> **Recorded data**:
*** Block opens ***
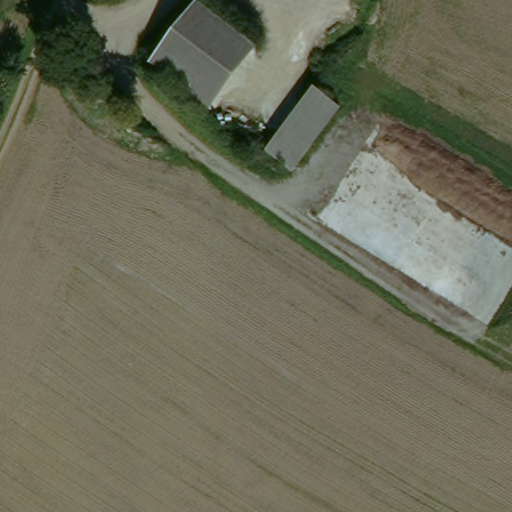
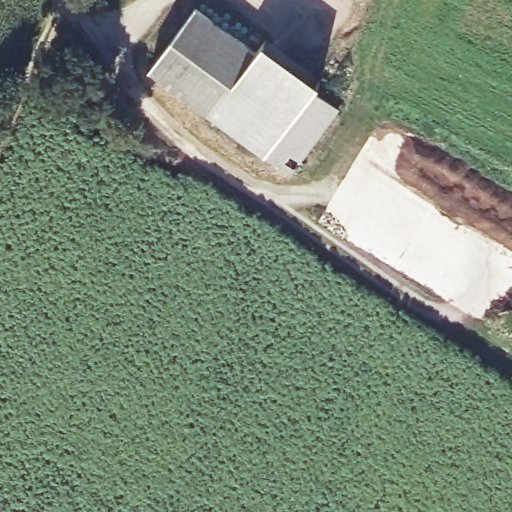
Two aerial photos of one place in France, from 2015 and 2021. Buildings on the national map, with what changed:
unchanged [(255,52),(211,110),(150,64),(195,5),(255,52)]
new [(209,114),(211,110),(255,52),(266,39),(320,81),(313,90),(265,153),(209,114)]
unchanged [(313,90),(338,108),(290,172),(265,153),(313,90)]

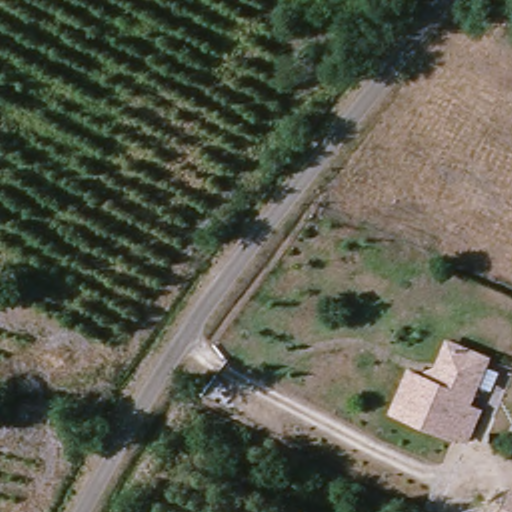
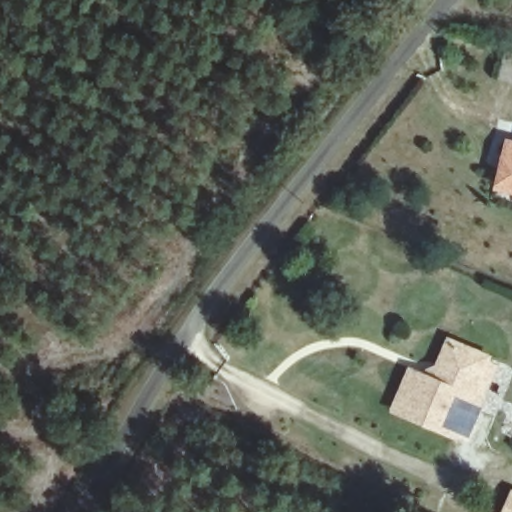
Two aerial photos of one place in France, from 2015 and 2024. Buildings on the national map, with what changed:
new [(512,138),(512,194),(494,189),(507,136),(512,138)]
unchanged [(465,413),(476,418),(464,445),(453,440),(451,443),(391,416),(409,377),(434,388),(438,377),(444,358),(448,348),(457,352),(486,365),(465,413)]
unchanged [(509,512),(512,505),(512,512),(509,512)]

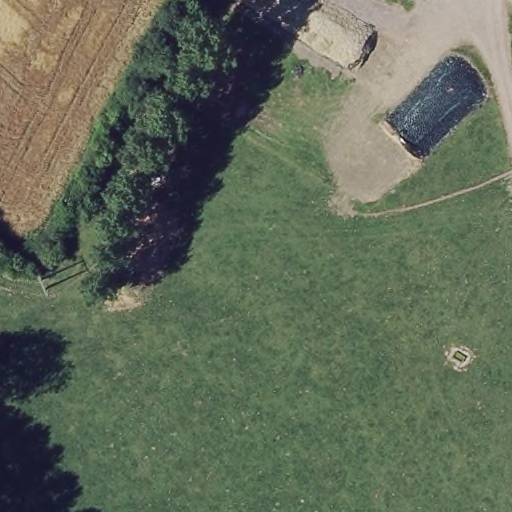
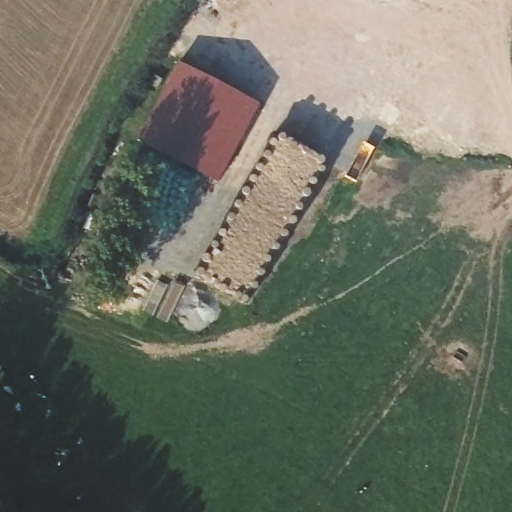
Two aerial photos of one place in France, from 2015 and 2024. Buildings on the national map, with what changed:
new [(178,61),(259,104),(217,183),(137,140),(178,61)]

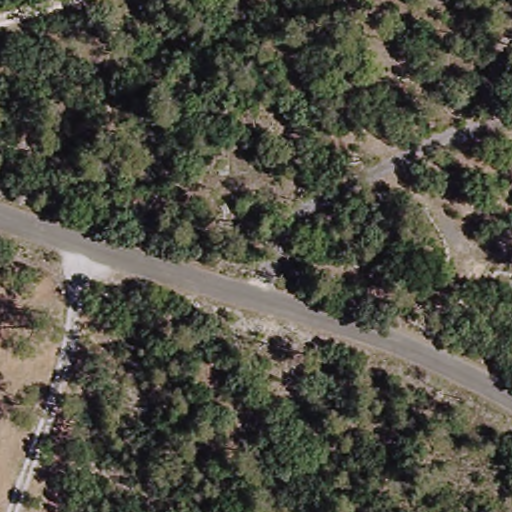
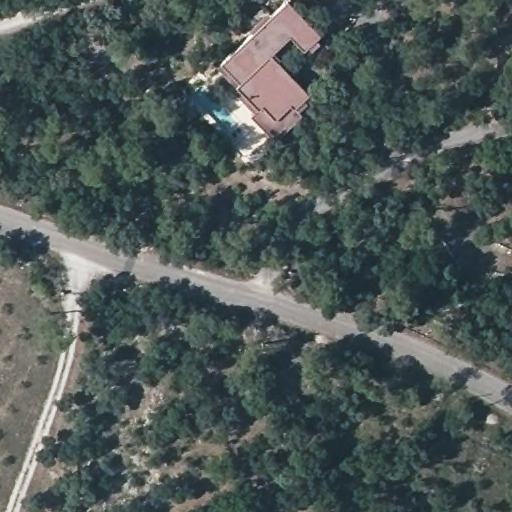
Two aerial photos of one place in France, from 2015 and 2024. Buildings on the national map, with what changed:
new [(242,80),(224,61),(288,0),(292,0),(323,31),(306,47),(293,34),(274,52),(311,90),(296,105),(298,107),(272,132),(254,114),(261,106),(238,83),(242,80)]

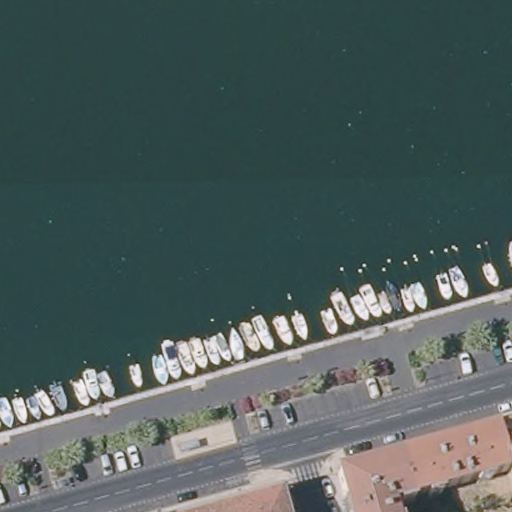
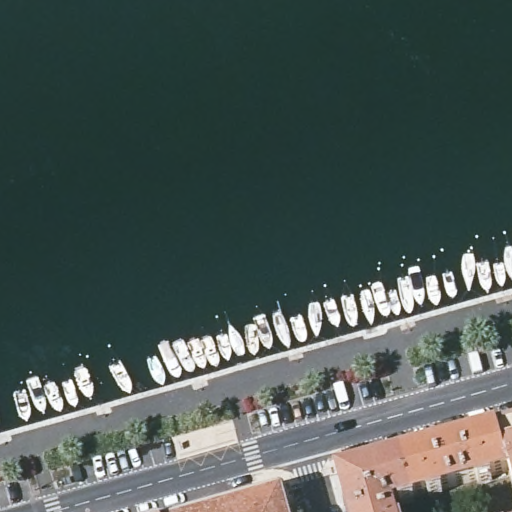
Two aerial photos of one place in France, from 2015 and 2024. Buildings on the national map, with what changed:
*** Block closes ***
> **YOUR TASK**: Give back all the records as they stand, but with no pictures in the copy.

> **EXERCISE RESULT**:
Two aerial photos of one place in France, from 2015 and 2021. Buildings on the national map, with what changed:
unchanged [(255,52),(211,110),(150,64),(195,5),(255,52)]
new [(209,114),(211,110),(255,52),(266,39),(320,81),(313,90),(265,153),(209,114)]
unchanged [(313,90),(338,108),(290,172),(265,153),(313,90)]

Two aerial photos of one place in France, from 2015 and 2024. Buildings on the national map, with what changed:
new [(512,138),(512,194),(494,189),(507,136),(512,138)]
unchanged [(465,413),(476,418),(464,445),(453,440),(451,443),(391,416),(409,377),(434,388),(438,377),(444,358),(448,348),(457,352),(486,365),(465,413)]
unchanged [(509,512),(512,505),(512,512),(509,512)]

Two aerial photos of one place in France, from 2015 and 2024. Buildings on the national map, with what changed:
new [(178,61),(259,104),(217,183),(137,140),(178,61)]

Two aerial photos of one place in France, from 2015 and 2024. Buildings on the national map, with what changed:
new [(242,80),(224,61),(288,0),(292,0),(323,31),(306,47),(293,34),(274,52),(311,90),(296,105),(298,107),(272,132),(254,114),(261,106),(238,83),(242,80)]

Two aerial photos of one place in France, from 2015 and 2024. Buildings on the national map, with what changed:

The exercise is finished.